City Councilors voted 4-2 to refer the food and beverage tax amendment to the ballot, as recommended by City Manager Joe Lessard to broaden the use of the tax to include the general fund. Under the proposal being sent to voters, 25% would continue to go to parks, with 73% going toward other general fund uses, which could include police and fire. The remaining 2% would continue to go to administrative costs. Currently the 73& portion is designated for street repairs. Councilors Stefani Seffinger and Shaun Moran were the dissenting voters. 

“Anytime you have a revenue source which is flexible and can be used … you have a broad discretion of how you can apply it to serve the citizens,” Lessard said. “The more flexibility you have built into your funding program, the more predictable it is under certain circumstances.”

Councilors engaged an extended discussion regarding the lifespan of the tax, with some promoting the lifespan of the tax to last through 2030 while others asking for the tax to be adopted in perpetuity. 

Councilor Paula Hyatt made the motion and Councilor Stephen Jensen seconded the motion to extend the tax’s lifespan to 2040.

Councilor Tonya Graham agreed, stressing that the tax isn’t “new money” and that it isn’t a new funding source.

“We right now have a base budget that does not adequately take care of our parks,” Graham said.

Graham said the 2040 lifespan of the Food & Beverage tax provides flexibility and provides more time for short-term programs.

“It gives us a 17-year term, which is much more consistent,” Graham said.

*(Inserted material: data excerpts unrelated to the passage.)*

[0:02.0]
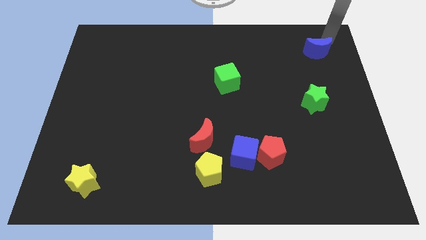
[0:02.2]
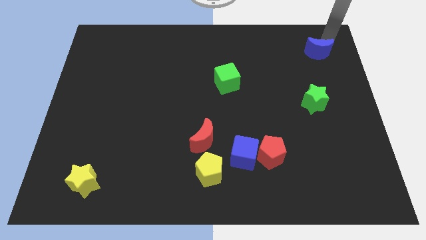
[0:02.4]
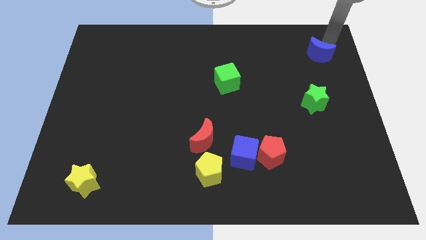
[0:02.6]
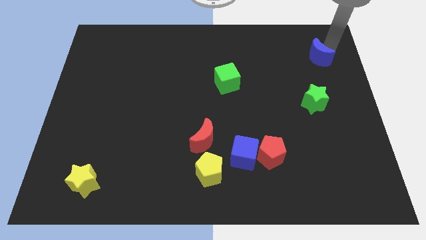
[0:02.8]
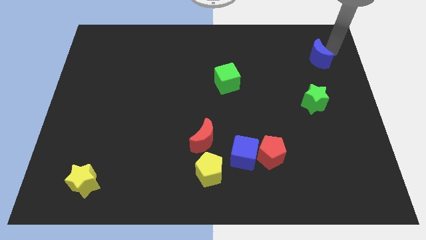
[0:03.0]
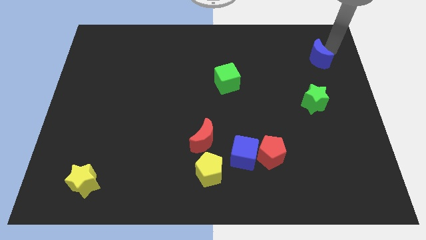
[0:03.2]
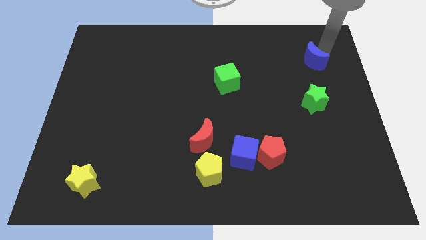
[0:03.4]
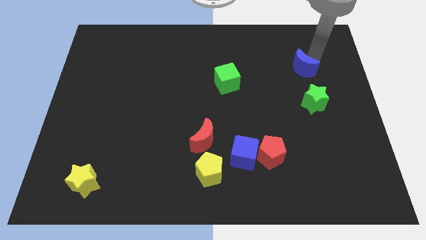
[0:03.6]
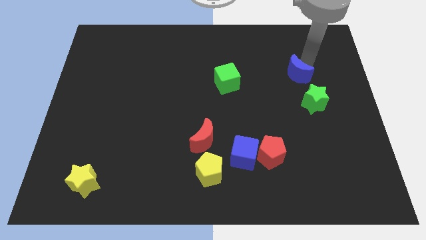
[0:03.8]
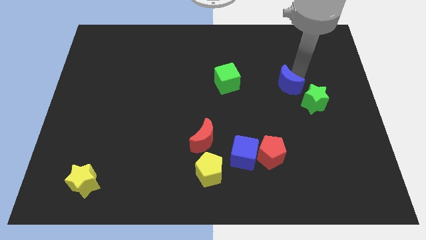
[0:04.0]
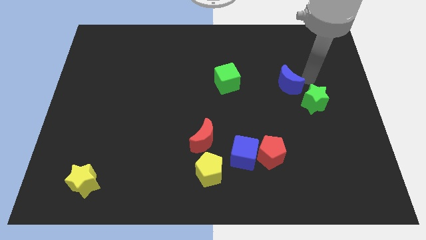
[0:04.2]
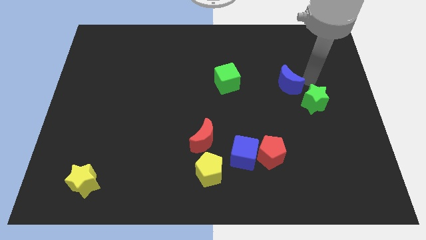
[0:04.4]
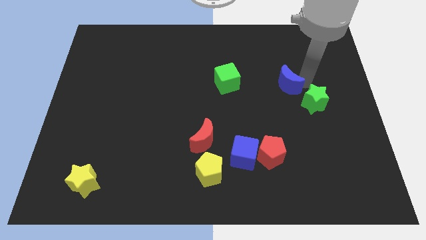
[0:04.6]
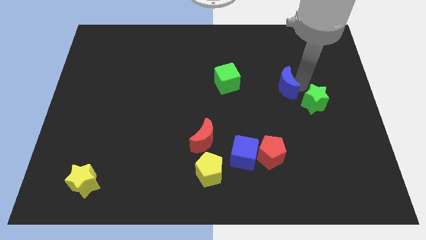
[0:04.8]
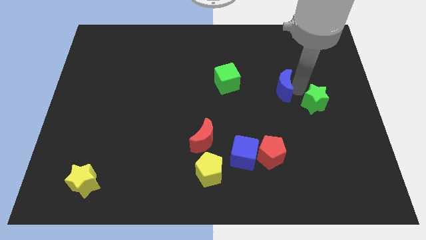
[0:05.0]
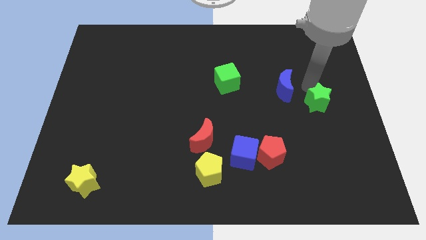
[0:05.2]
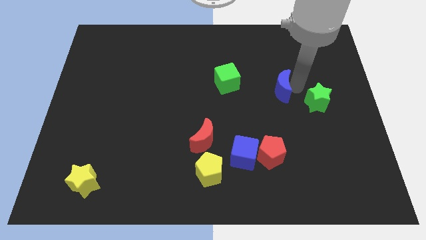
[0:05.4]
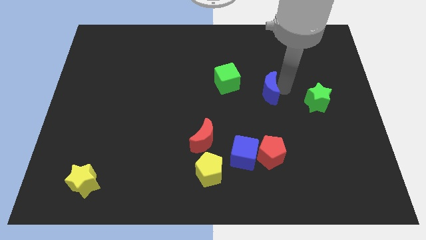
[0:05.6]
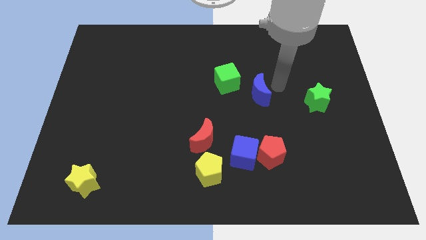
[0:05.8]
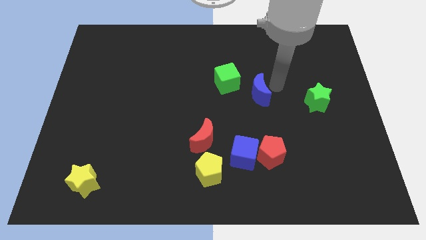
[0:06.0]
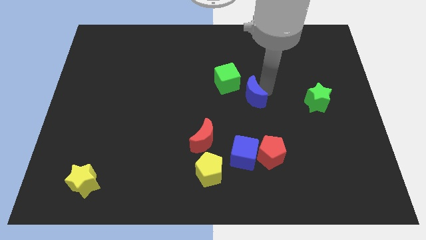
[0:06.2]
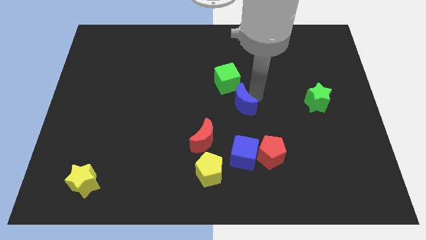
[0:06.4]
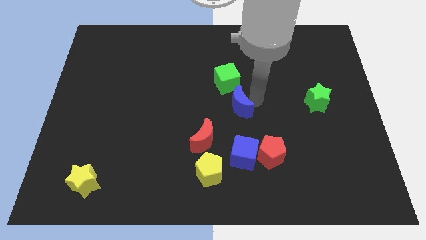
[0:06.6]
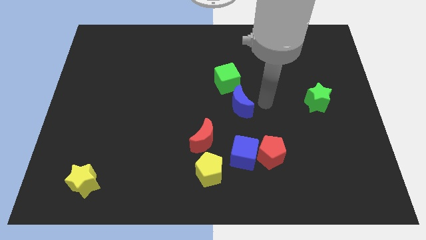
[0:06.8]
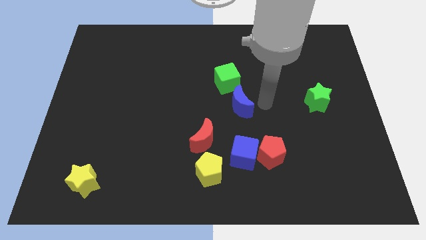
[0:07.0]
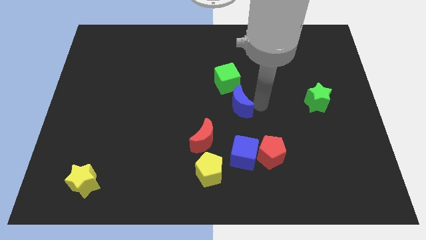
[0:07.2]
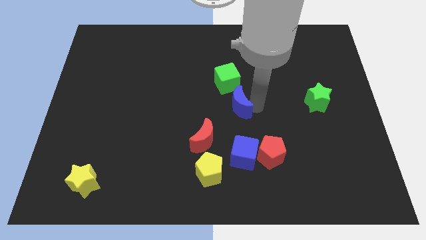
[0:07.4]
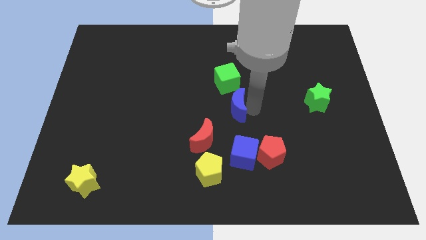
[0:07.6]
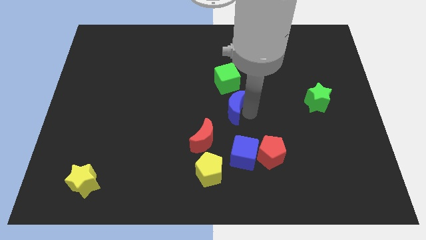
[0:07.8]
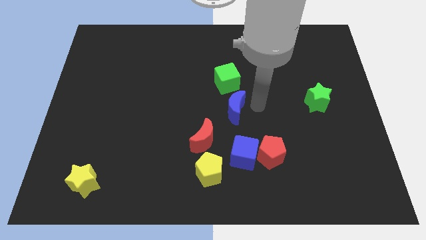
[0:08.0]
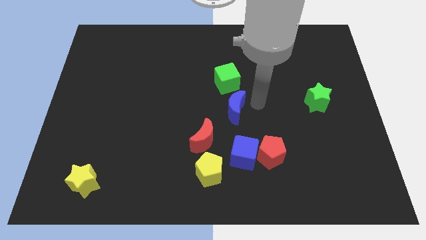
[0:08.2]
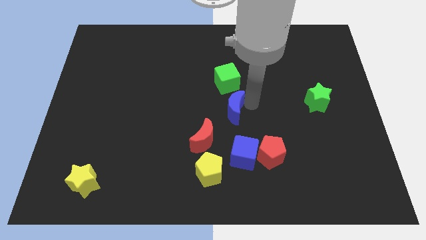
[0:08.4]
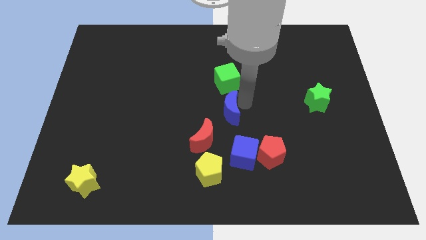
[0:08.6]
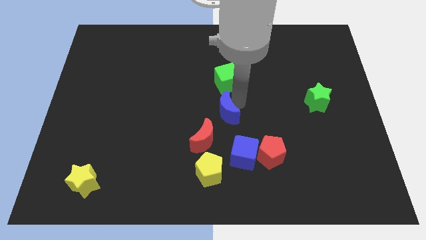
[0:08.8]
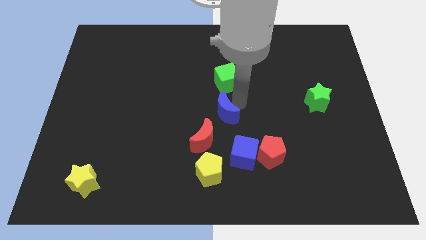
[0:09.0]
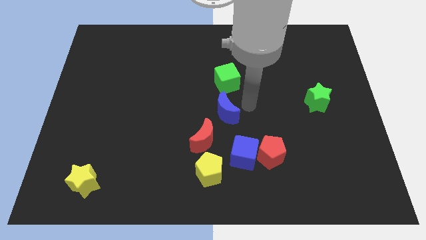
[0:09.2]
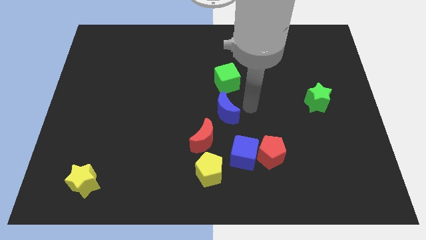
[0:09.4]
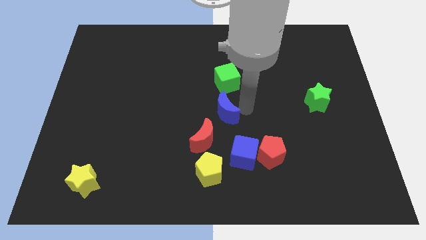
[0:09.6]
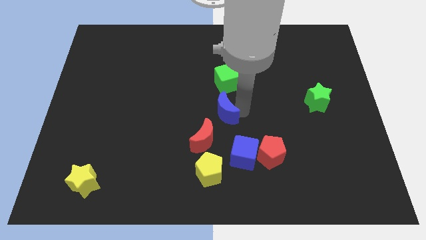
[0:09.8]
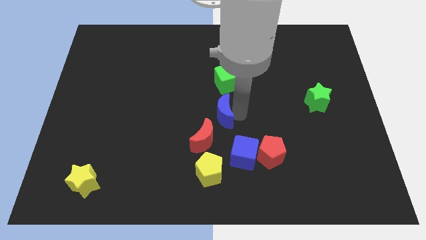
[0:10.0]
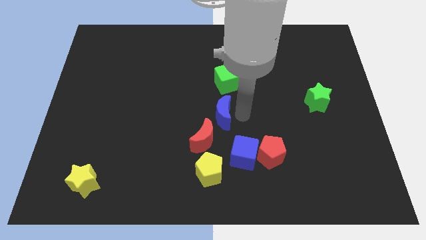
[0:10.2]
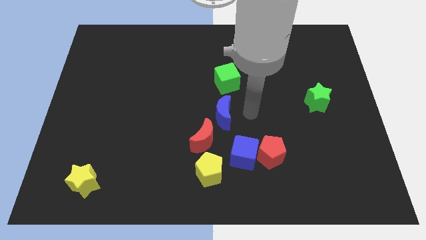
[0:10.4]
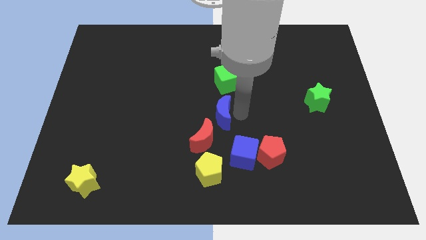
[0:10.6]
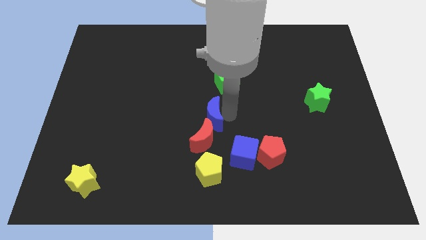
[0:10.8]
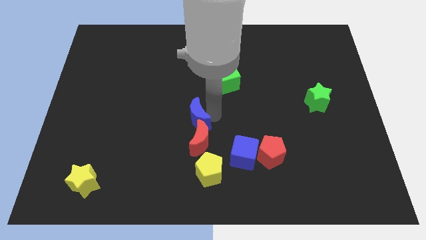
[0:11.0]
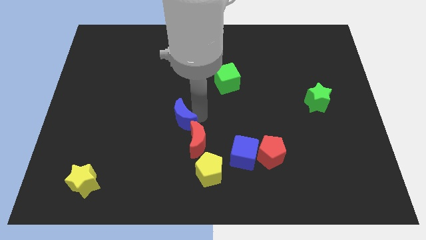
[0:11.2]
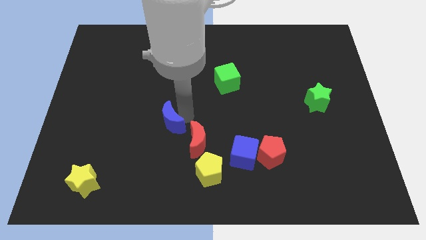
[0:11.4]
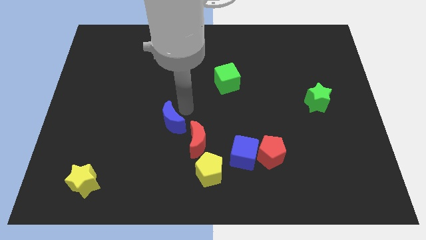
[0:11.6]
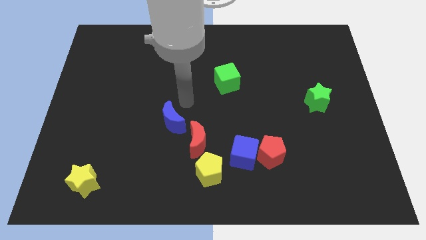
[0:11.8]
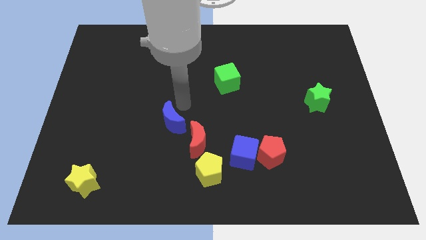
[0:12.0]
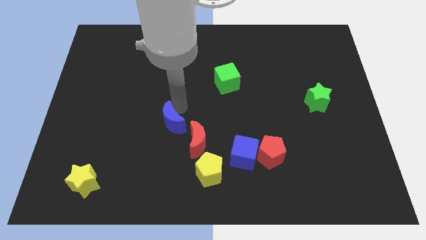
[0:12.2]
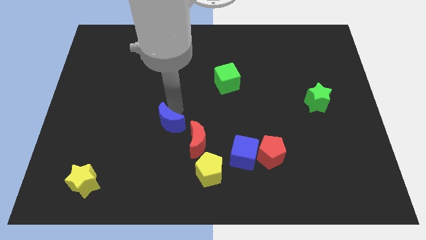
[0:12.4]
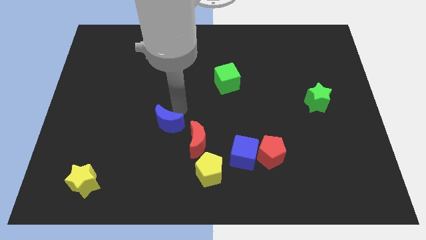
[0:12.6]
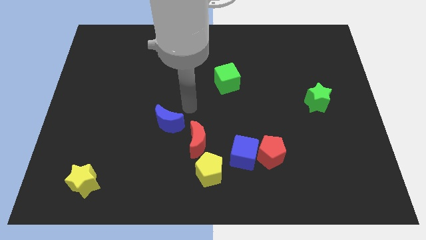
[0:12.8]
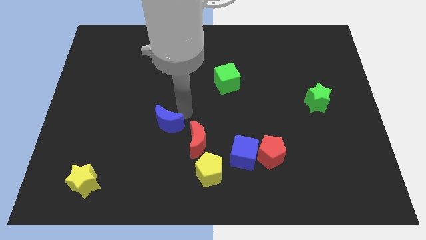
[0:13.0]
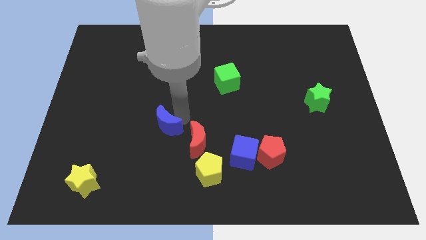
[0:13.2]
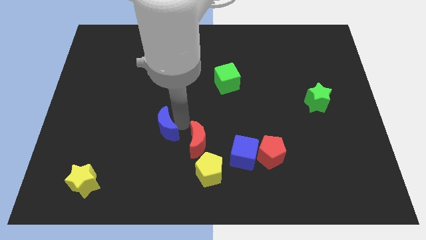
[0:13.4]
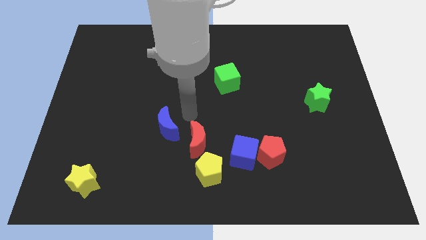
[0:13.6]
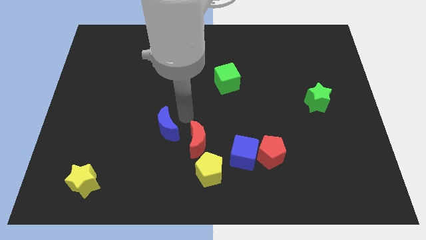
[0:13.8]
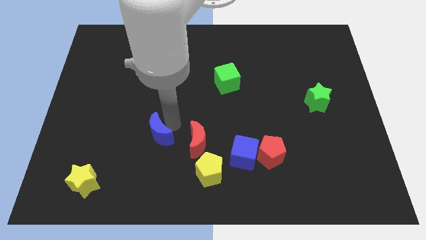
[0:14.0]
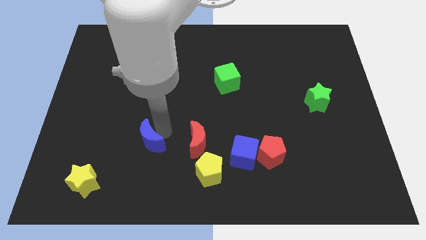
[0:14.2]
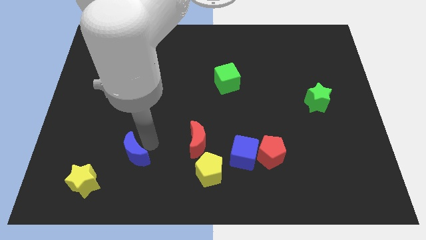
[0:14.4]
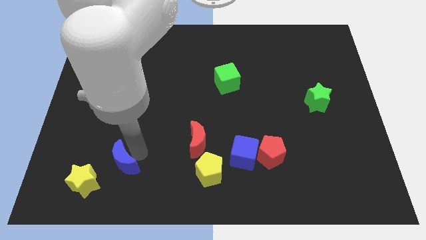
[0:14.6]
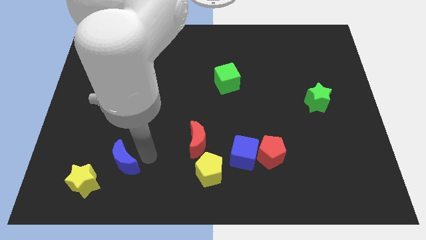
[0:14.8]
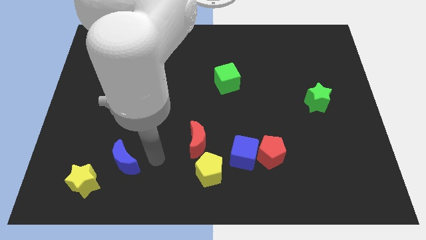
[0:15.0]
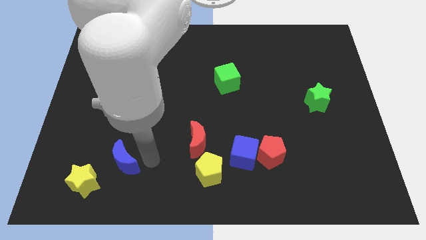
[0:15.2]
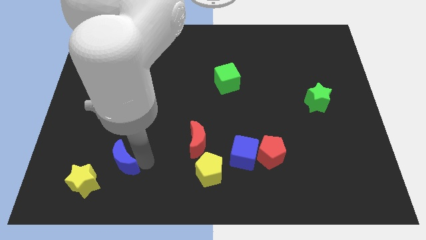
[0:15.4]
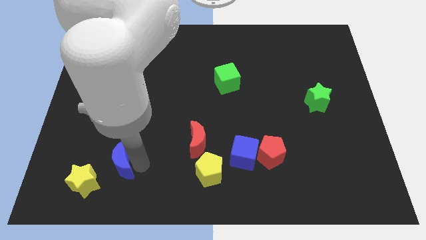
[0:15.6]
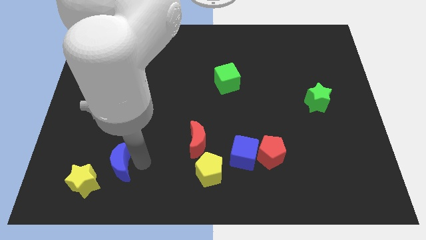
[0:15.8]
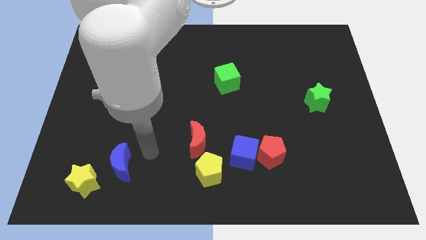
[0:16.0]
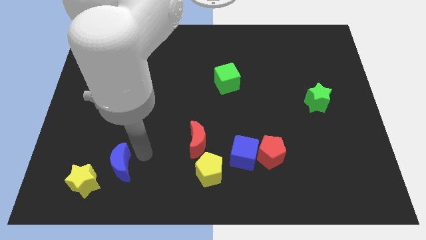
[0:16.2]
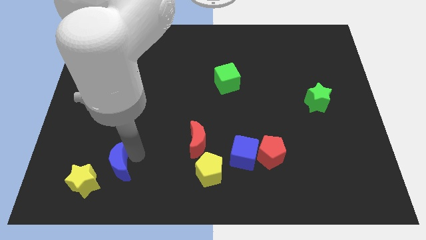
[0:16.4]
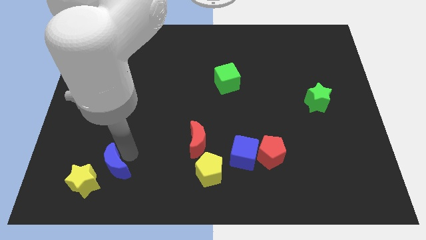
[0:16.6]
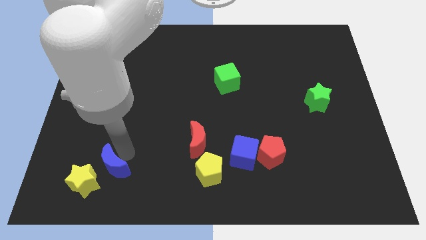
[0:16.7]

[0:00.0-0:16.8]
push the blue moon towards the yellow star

Councilor Seffinger emphasized her concerns about securing long-term funding of parks prior to making her vote.

“I feel historically that Parks has taken the hit,” Seffinger said. “I think they’re an important part of our economic well-being.”

Councilor Moran voted no on the item. He also shared his thoughts on the current use of the tax and the tax itself.

“We need to give the citizens of Ashland the benefit of the doubt and ask them if they really want it,” Moran said. “I’m not convinced they do. It’s not their fault that our city has become addicted to this revenue stream, quite frankly.”

Reach Ashland.news reporter Holly Dillemuth at hollyd@ashland.news.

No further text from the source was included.